- TASK DESCRIPTION:
The answer should hold only the line with "29.7% | 6.31% |" and each line after it through the last line of the material, exactly.

(EXERCISE DATA)

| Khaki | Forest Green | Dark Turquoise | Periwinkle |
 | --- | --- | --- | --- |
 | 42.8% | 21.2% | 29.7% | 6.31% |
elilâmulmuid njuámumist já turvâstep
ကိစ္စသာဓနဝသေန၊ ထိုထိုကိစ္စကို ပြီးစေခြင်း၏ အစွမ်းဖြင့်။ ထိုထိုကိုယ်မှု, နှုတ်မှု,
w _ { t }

(End EXERCISE DATA)

- FINISHED TASK:
 | 42.8% | 21.2% | 29.7% | 6.31% |
elilâmulmuid njuámumist já turvâstep
ကိစ္စသာဓနဝသေန၊ ထိုထိုကိစ္စကို ပြီးစေခြင်း၏ အစွမ်းဖြင့်။ ထိုထိုကိုယ်မှု, နှုတ်မှု,
w _ { t }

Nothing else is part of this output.